Well, at least Democratic corporate hacks in Washington are being a little more honest with us about why they refuse to kill a trade deal with a murderous right-wing regime. It's not about principle, it's about what it's always about - money:
Yet Democrats would have faced unwelcome political consequences for voting to defeat the trade deal. Rep. Jim Cooper (D-Tenn.), who has voted for other controversial trade deals, said Democrats would have faced "pretty bad" political fallout among supporters in the business community had they killed the agreement.
So this is what Democrats meant when yesterday CongressDaily said they thought killing the deal "is not seen as a viable political option" despite polls showing the vast majority of Americans opposing our current trade policy. That's the definition of "politically viable" in D.C.: Not whether or not a position is at odds with the American people, but whether it is at odds with Big Money.
Rep. Jim Moran (D-VA) was confident that House leaders would schedule a vote on the trade pact in a post-election session, when wavering members would be more willing to support it. "I think there'll be a vote in the latter part of November, or early December," he said, adding it would likely be approved in those circumstances.
More evidence that we're watching some really nasty shenanigans unfold. Here's the real bottom line to this: Right now, even Sen. Max Baucus (D-MT) - Mr. Corporate Hack - is upset at Bush's tactics. In other words, people inclined to support the deal like Baucus are worried Bush's tactics have rankled lawmakers into voting against the Colombia deal - lawmakers who normally would. So the only real reason to delay it - if it is going to be brought up again later - is to pass it, not to reject it.

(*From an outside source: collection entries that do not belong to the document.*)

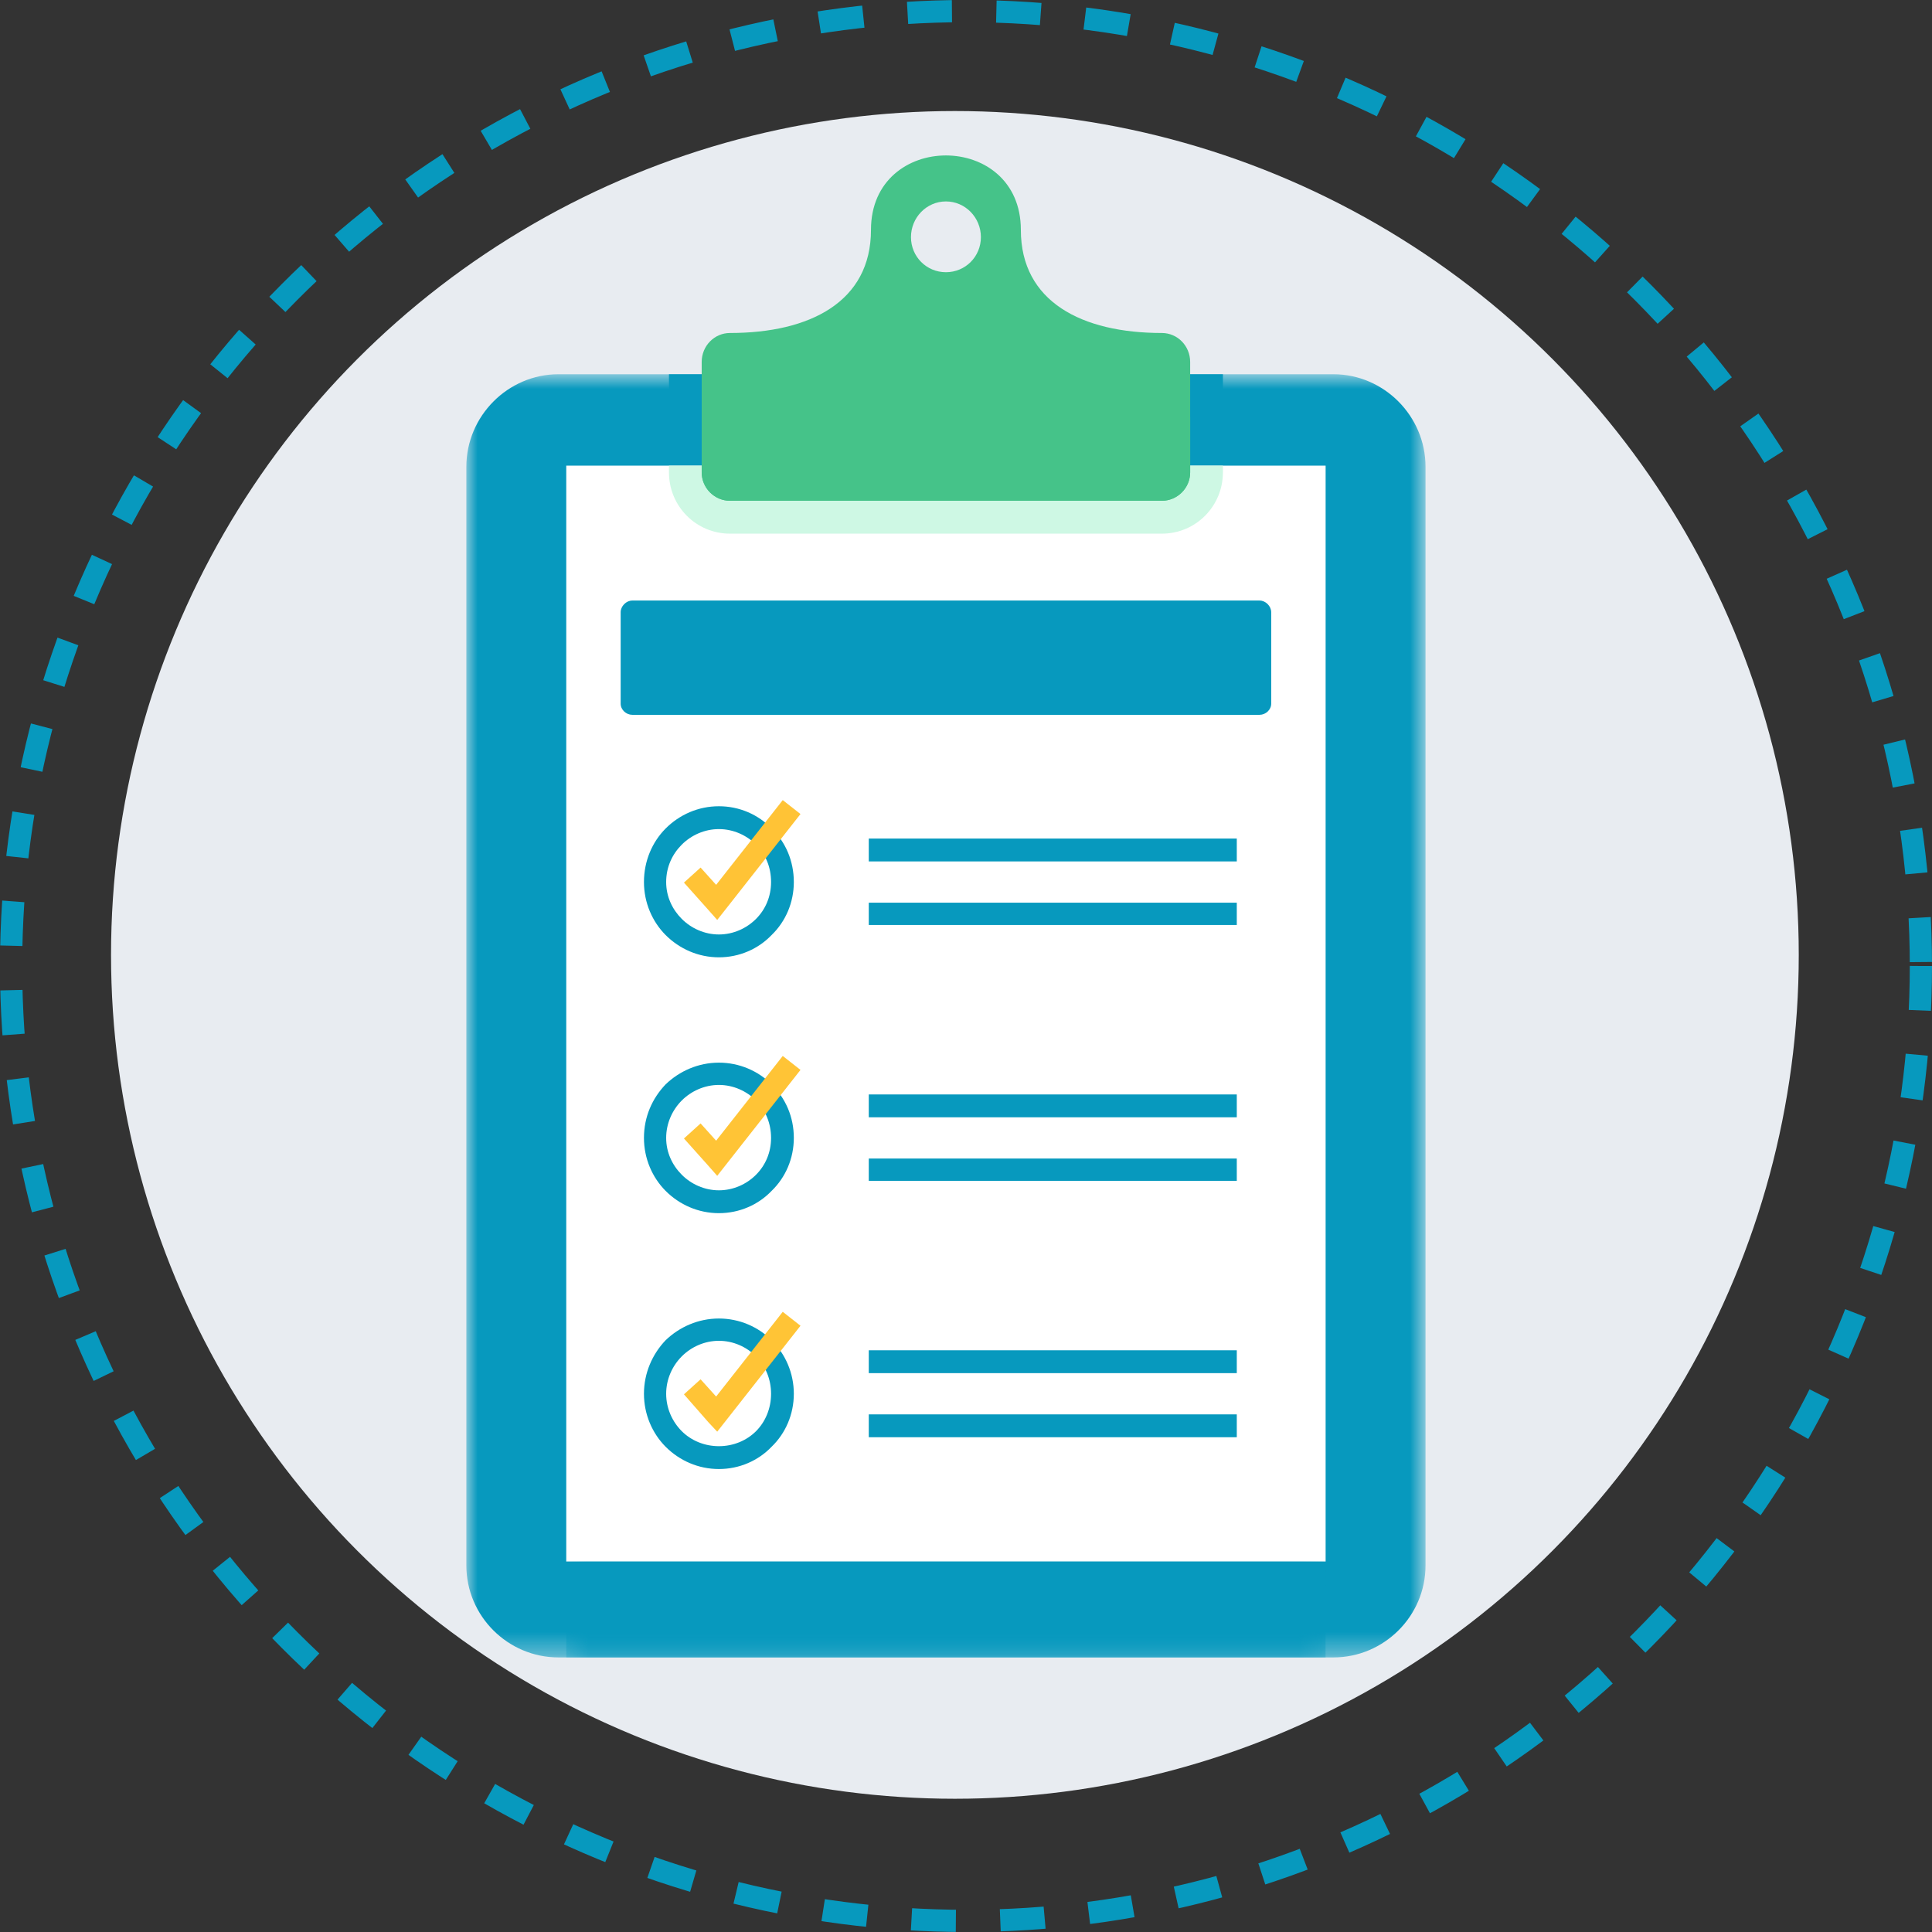 <svg width="87" height="87" viewBox="0 0 87 87" fill="none" xmlns="http://www.w3.org/2000/svg">
<rect x="0" y="0" width="87" height="87" fill="#333333" stroke="none"/>
<circle cx="43.5" cy="43.5" r="43" stroke="#0799BE" stroke-dasharray="2 2"/>
<circle cx="43" cy="43" r="38" fill="#E8ECF1"/>
<mask id="mask0_198_65" style="mask-type:luminance" maskUnits="userSpaceOnUse" x="21" y="16" width="44" height="59">
<path d="M21 16.845H64.193V74.636H21V16.845Z" fill="white"/>
</mask>
<g mask="url(#mask0_198_65)">
<path fill-rule="evenodd" clip-rule="evenodd" d="M25.149 16.852H60.044C62.318 16.852 64.193 18.734 64.193 21.019V70.494C64.193 72.778 62.318 74.636 60.044 74.636H25.149C22.875 74.636 21 72.778 21 70.494V21.019C21 18.734 22.875 16.852 25.149 16.852Z" fill="#0799BE"/>
</g>
<path fill-rule="evenodd" clip-rule="evenodd" d="M30.124 16.852H55.069V21.27C55.069 22.8 53.844 24.031 52.319 24.031C45.846 24.031 39.347 24.031 32.873 24.031C31.349 24.031 30.124 22.8 30.124 21.27V16.852Z" fill="#0799BE"/>
<path fill-rule="evenodd" clip-rule="evenodd" d="M25.499 20.968H59.694V70.318H25.499V20.968Z" fill="white"/>
<path fill-rule="evenodd" clip-rule="evenodd" d="M30.124 20.968H55.069V21.27C55.069 22.8 53.844 24.031 52.319 24.031C45.846 24.031 39.347 24.031 32.873 24.031C31.349 24.031 30.124 22.8 30.124 21.27V20.968Z" fill="#CEF8E4"/>
<path fill-rule="evenodd" clip-rule="evenodd" d="M42.596 9.071C43.472 9.071 44.171 9.799 44.171 10.678C44.171 11.556 43.472 12.258 42.596 12.258C41.721 12.258 41.022 11.556 41.022 10.678C41.022 9.799 41.721 9.071 42.596 9.071ZM32.872 14.995C36.473 14.995 39.221 13.589 39.221 10.351C39.221 5.883 45.97 5.883 45.97 10.351C45.97 13.589 48.72 14.995 52.319 14.995C53.02 14.995 53.594 15.572 53.594 16.299C53.594 17.003 53.594 20.567 53.594 21.27C53.594 21.974 53.02 22.55 52.319 22.55C45.846 22.55 39.347 22.55 32.872 22.55C32.173 22.55 31.598 21.974 31.598 21.27C31.598 20.567 31.598 17.003 31.598 16.299C31.598 15.572 32.173 14.995 32.872 14.995Z" fill="#45C389"/>
<path fill-rule="evenodd" clip-rule="evenodd" d="M53.594 18.784V21.27C53.594 21.974 53.02 22.55 52.319 22.55C45.846 22.55 39.347 22.55 32.872 22.55C32.173 22.55 31.598 21.974 31.598 21.27V18.784H53.594Z" fill="#45C389"/>
<path fill-rule="evenodd" clip-rule="evenodd" d="M28.473 27.043H56.719C56.994 27.043 57.244 27.295 57.244 27.57V31.687C57.244 31.964 56.994 32.189 56.719 32.189H28.473C28.199 32.189 27.949 31.964 27.949 31.687V27.57C27.949 27.295 28.199 27.043 28.473 27.043Z" fill="#0799BE"/>
<mask id="mask1_198_65" style="mask-type:luminance" maskUnits="userSpaceOnUse" x="25" y="70" width="35" height="5">
<path d="M25.493 70.301H59.712V74.636H25.493V70.301Z" fill="white"/>
</mask>
<g mask="url(#mask1_198_65)">
<path fill-rule="evenodd" clip-rule="evenodd" d="M25.499 74.636H59.692V70.318H25.499V74.636Z" fill="#0799BE"/>
</g>
<path d="M39.122 40.649H55.694V41.653H39.122V40.649Z" fill="#0799BE"/>
<path d="M39.122 37.761H55.694V38.791H39.122V37.761Z" fill="#0799BE"/>
<path d="M34.048 38.038C33.623 37.612 33.023 37.335 32.373 37.335C31.724 37.335 31.123 37.612 30.698 38.038C30.273 38.465 29.998 39.042 29.998 39.719C29.998 40.372 30.273 40.95 30.698 41.376C31.123 41.803 31.724 42.08 32.373 42.08C33.023 42.08 33.623 41.803 34.048 41.376C34.472 40.95 34.722 40.372 34.722 39.719C34.722 39.042 34.472 38.465 34.048 38.038ZM32.373 36.306C33.298 36.306 34.147 36.682 34.747 37.31C35.372 37.912 35.747 38.767 35.747 39.719C35.747 40.649 35.372 41.502 34.747 42.105C34.147 42.731 33.298 43.109 32.373 43.109C31.448 43.109 30.598 42.731 29.973 42.105C29.373 41.502 28.998 40.649 28.998 39.719C28.998 38.767 29.373 37.912 29.973 37.31C30.598 36.682 31.448 36.306 32.373 36.306Z" fill="#0799BE"/>
<path d="M31.548 39.067L32.248 39.845L35.248 36.03L36.047 36.657L32.673 40.95L32.297 41.426L31.898 40.975L30.799 39.744L31.548 39.067Z" fill="#FFC336"/>
<path d="M39.122 63.691H55.694V64.72H39.122V63.691Z" fill="#0799BE"/>
<path d="M39.122 60.805H55.694V61.834H39.122V60.805Z" fill="#0799BE"/>
<path d="M34.048 61.082C33.623 60.654 33.023 60.378 32.373 60.378C31.724 60.378 31.123 60.654 30.698 61.082C30.273 61.508 29.998 62.111 29.998 62.763C29.998 63.416 30.273 64.018 30.698 64.445C31.123 64.871 31.724 65.123 32.373 65.123C33.023 65.123 33.623 64.871 34.048 64.445C34.472 64.018 34.722 63.416 34.722 62.763C34.722 62.111 34.472 61.508 34.048 61.082ZM32.373 59.374C33.298 59.374 34.147 59.751 34.747 60.353C35.372 60.981 35.747 61.834 35.747 62.763C35.747 63.691 35.372 64.545 34.747 65.148C34.147 65.775 33.298 66.152 32.373 66.152C31.448 66.152 30.598 65.775 29.973 65.148C29.373 64.545 28.998 63.691 28.998 62.763C28.998 61.834 29.373 60.981 29.973 60.353C30.598 59.751 31.448 59.374 32.373 59.374Z" fill="#0799BE"/>
<path d="M31.548 62.111L32.248 62.888L35.248 59.072L36.047 59.7L32.673 63.993L32.297 64.47L31.898 64.043L30.799 62.788L31.548 62.111Z" fill="#FFC436"/>
<path d="M39.122 52.17H55.694V53.174H39.122V52.17Z" fill="#0799BE"/>
<path d="M39.122 49.284H55.694V50.313H39.122V49.284Z" fill="#0799BE"/>
<path d="M34.048 49.559C33.623 49.133 33.023 48.856 32.373 48.856C31.724 48.856 31.123 49.133 30.698 49.559C30.273 49.986 29.998 50.589 29.998 51.241C29.998 51.893 30.273 52.471 30.698 52.897C31.123 53.325 31.724 53.601 32.373 53.601C33.023 53.601 33.623 53.325 34.048 52.897C34.472 52.471 34.722 51.893 34.722 51.241C34.722 50.589 34.472 49.986 34.048 49.559ZM32.373 47.852C33.298 47.852 34.147 48.229 34.747 48.831C35.372 49.459 35.747 50.288 35.747 51.241C35.747 52.17 35.372 53.023 34.747 53.626C34.147 54.253 33.298 54.63 32.373 54.63C31.448 54.63 30.598 54.253 29.973 53.626C29.373 53.023 28.998 52.17 28.998 51.241C28.998 50.288 29.373 49.459 29.973 48.831C30.598 48.229 31.448 47.852 32.373 47.852Z" fill="#0799BE"/>
<path d="M31.548 50.589L32.248 51.366L35.248 47.551L36.047 48.179L32.673 52.471L32.297 52.949L31.898 52.496L30.799 51.267L31.548 50.589Z" fill="#FFC436"/>
</svg>

This is pretty simple legislative logic. Why delay it, rather than seizing the opportunity to kill it right now? My guess: Because the Democratic leadership doesn't want to kill it - they want to pass it in a more electorally-safe way.
Here's one question: Why does there seem to be so much more liberal outrage at what's going on in Tibet or Darfur, than what has long been going on in Colombia? I don't really understand this. Sure the magnitudes might be different, but 2,500 union organizers murdered should generate some really serious outrage. But whenever it comes to labor issues and taking on neoliberals, it seems Left-istan never gets as outraged as other human rights crises. I could be wrong - but that's just my sense.